[[ Data for the task, beginning ]]

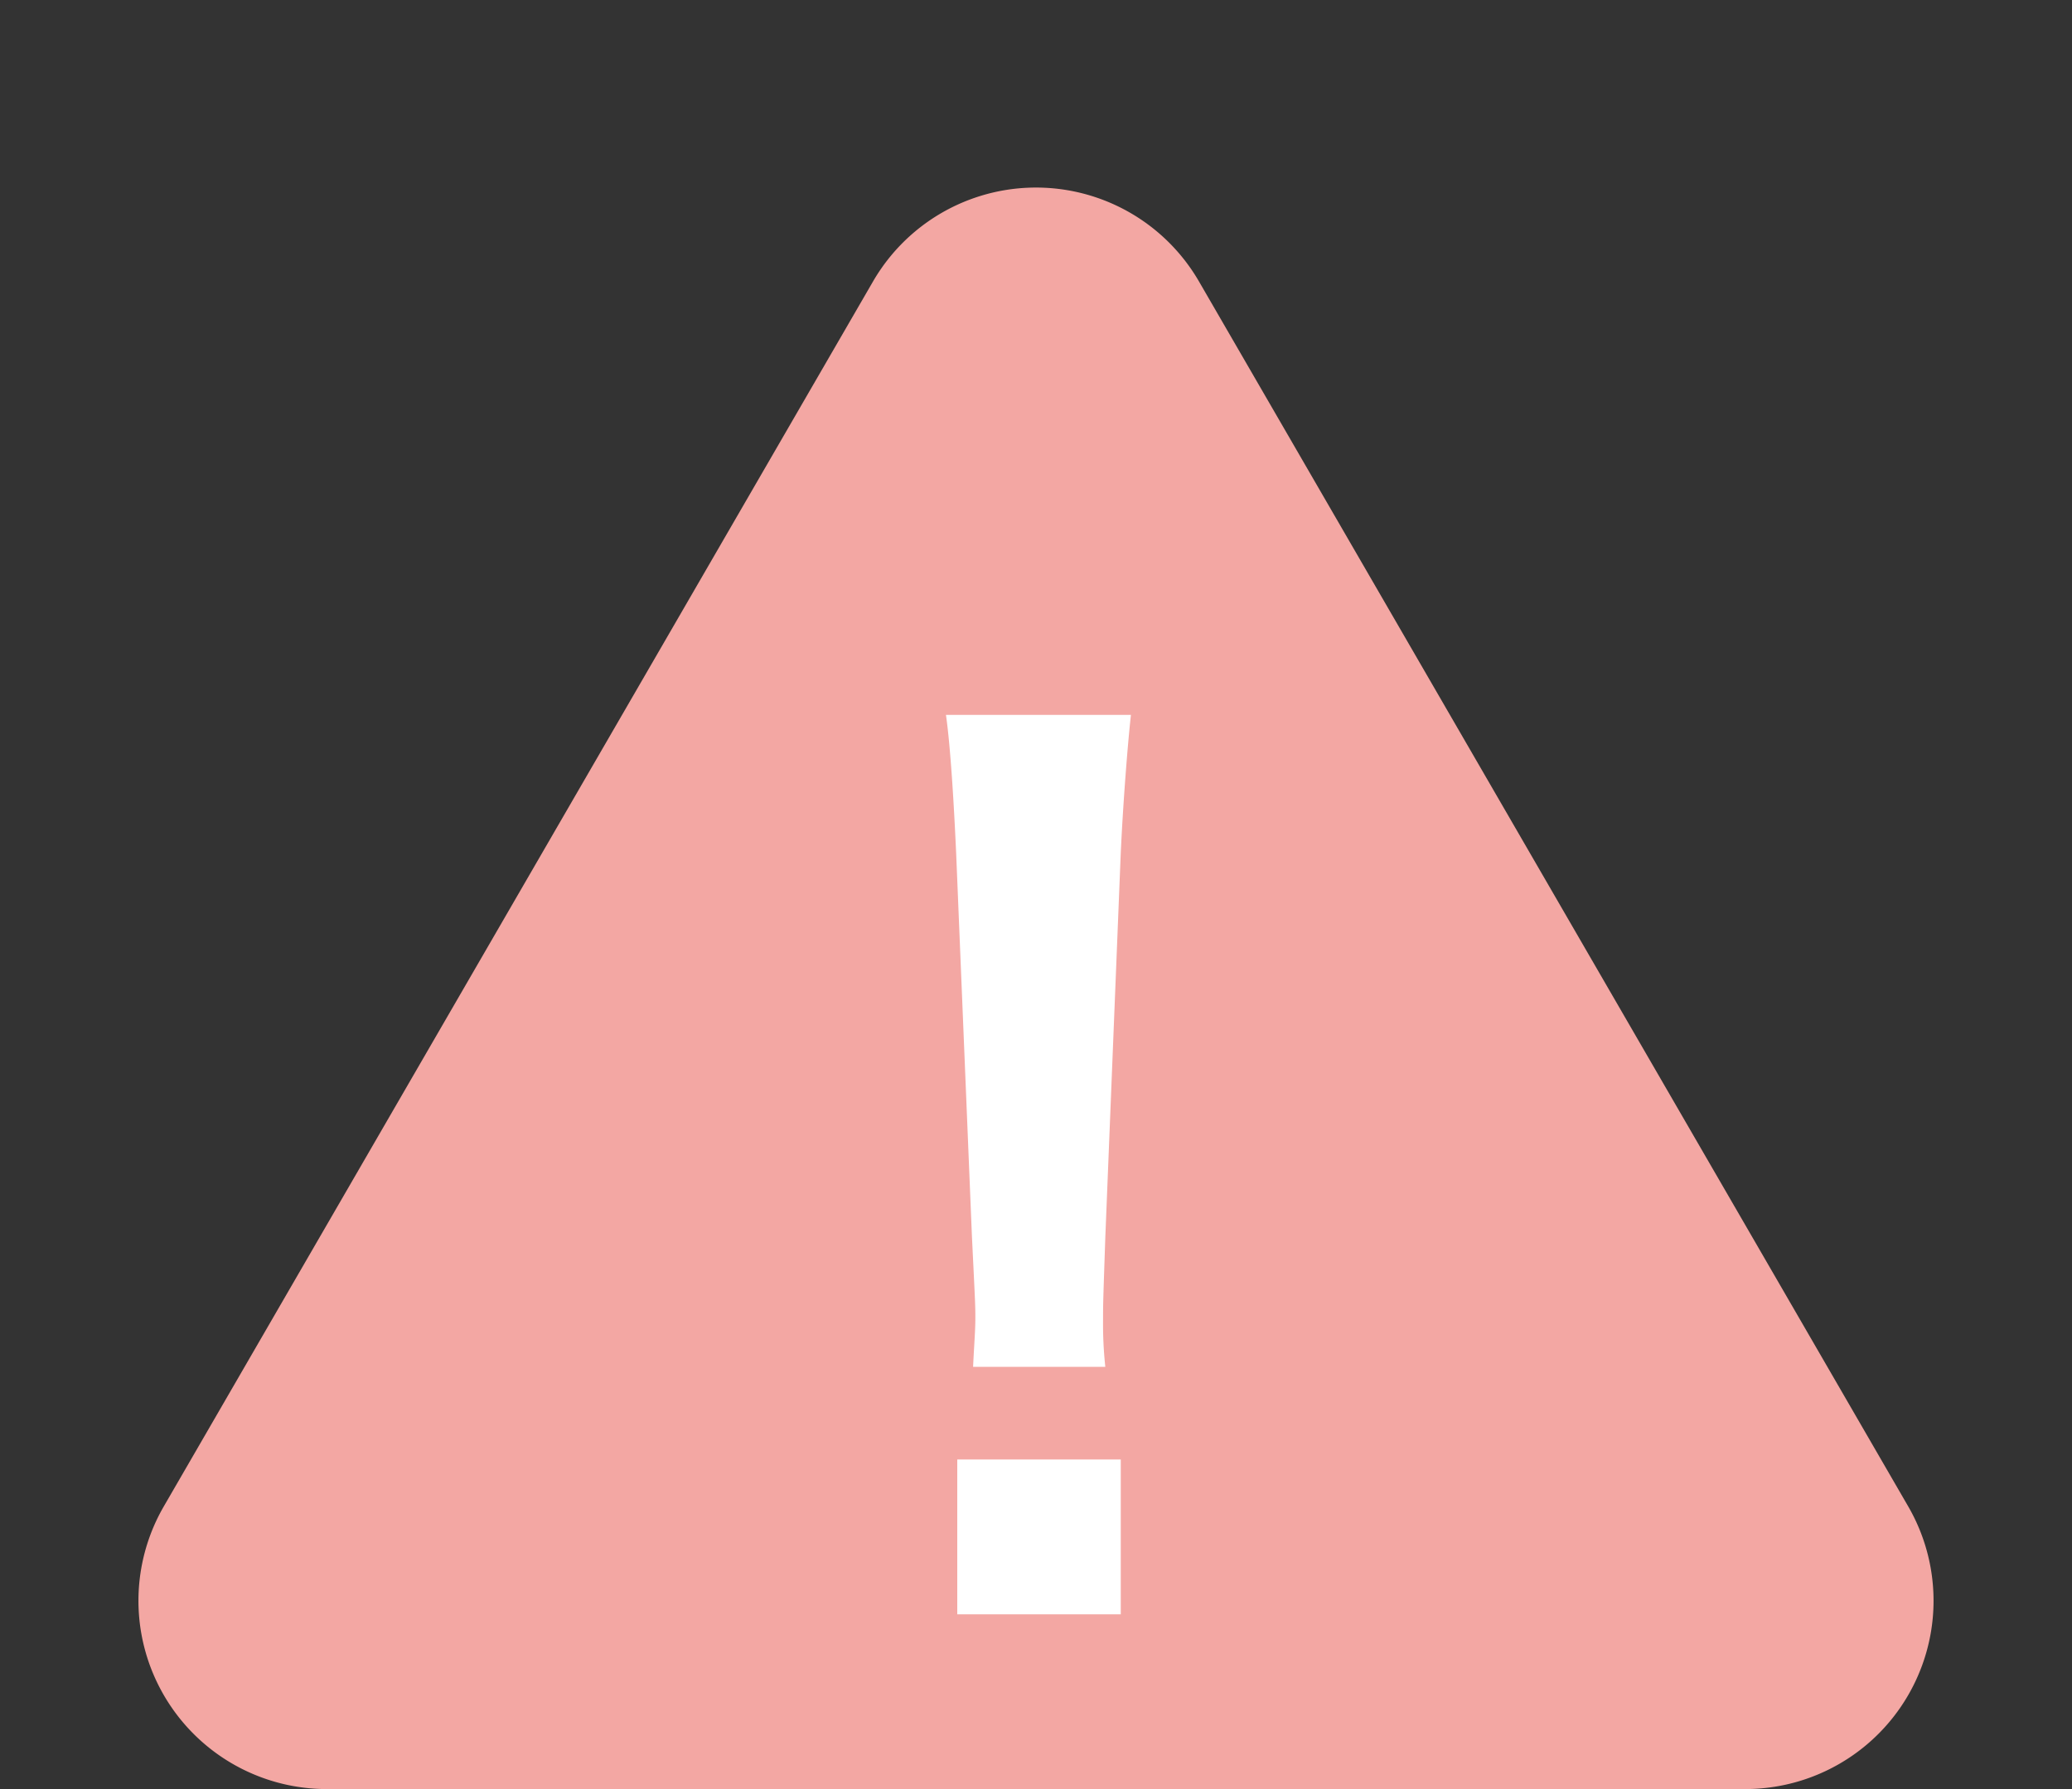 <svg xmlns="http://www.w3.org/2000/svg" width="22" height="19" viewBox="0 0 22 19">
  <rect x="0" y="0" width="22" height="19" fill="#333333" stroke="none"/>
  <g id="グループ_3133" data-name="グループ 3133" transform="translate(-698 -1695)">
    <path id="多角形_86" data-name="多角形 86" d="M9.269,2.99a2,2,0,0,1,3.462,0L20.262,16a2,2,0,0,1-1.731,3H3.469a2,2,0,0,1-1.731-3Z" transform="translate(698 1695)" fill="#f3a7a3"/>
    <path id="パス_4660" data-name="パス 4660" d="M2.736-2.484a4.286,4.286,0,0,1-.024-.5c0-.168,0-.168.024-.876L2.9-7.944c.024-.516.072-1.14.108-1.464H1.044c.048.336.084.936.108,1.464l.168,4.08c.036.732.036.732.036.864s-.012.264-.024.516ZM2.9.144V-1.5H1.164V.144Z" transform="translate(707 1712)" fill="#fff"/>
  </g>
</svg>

[[ Data for the task, end ]]
[[ Data for the task, beginning ]]

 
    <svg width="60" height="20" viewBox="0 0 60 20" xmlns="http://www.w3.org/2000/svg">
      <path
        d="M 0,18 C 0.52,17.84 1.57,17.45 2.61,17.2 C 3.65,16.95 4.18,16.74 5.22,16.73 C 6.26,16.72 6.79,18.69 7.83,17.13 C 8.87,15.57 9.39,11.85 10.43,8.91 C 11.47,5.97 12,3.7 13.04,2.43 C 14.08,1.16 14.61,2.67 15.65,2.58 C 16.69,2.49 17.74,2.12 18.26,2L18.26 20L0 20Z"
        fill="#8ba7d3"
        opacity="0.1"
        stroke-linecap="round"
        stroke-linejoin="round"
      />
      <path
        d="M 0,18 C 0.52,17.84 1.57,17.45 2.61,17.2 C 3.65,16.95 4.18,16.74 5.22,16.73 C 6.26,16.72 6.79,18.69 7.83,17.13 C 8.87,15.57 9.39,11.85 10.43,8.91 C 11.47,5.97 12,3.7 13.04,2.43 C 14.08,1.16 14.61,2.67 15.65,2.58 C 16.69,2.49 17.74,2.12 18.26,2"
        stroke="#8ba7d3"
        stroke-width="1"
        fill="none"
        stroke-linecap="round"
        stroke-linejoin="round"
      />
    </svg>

[[ Data for the task, end ]]

▶ _Requirement_:
Copy out every line in the records where the word "transform" is found.

▶ _Output for this exercise_:
  <g id="グループ_3133" data-name="グループ 3133" transform="translate(-698 -1695)">
    <path id="多角形_86" data-name="多角形 86" d="M9.269,2.99a2,2,0,0,1,3.462,0L20.262,16a2,2,0,0,1-1.731,3H3.469a2,2,0,0,1-1.731-3Z" transform="translate(698 1695)" fill="#f3a7a3"/>
    <path id="パス_4660" data-name="パス 4660" d="M2.736-2.484a4.286,4.286,0,0,1-.024-.5c0-.168,0-.168.024-.876L2.9-7.944c.024-.516.072-1.14.108-1.464H1.044c.048.336.084.936.108,1.464l.168,4.08c.036.732.036.732.036.864s-.012.264-.024.516ZM2.9.144V-1.5H1.164V.144Z" transform="translate(707 1712)" fill="#fff"/>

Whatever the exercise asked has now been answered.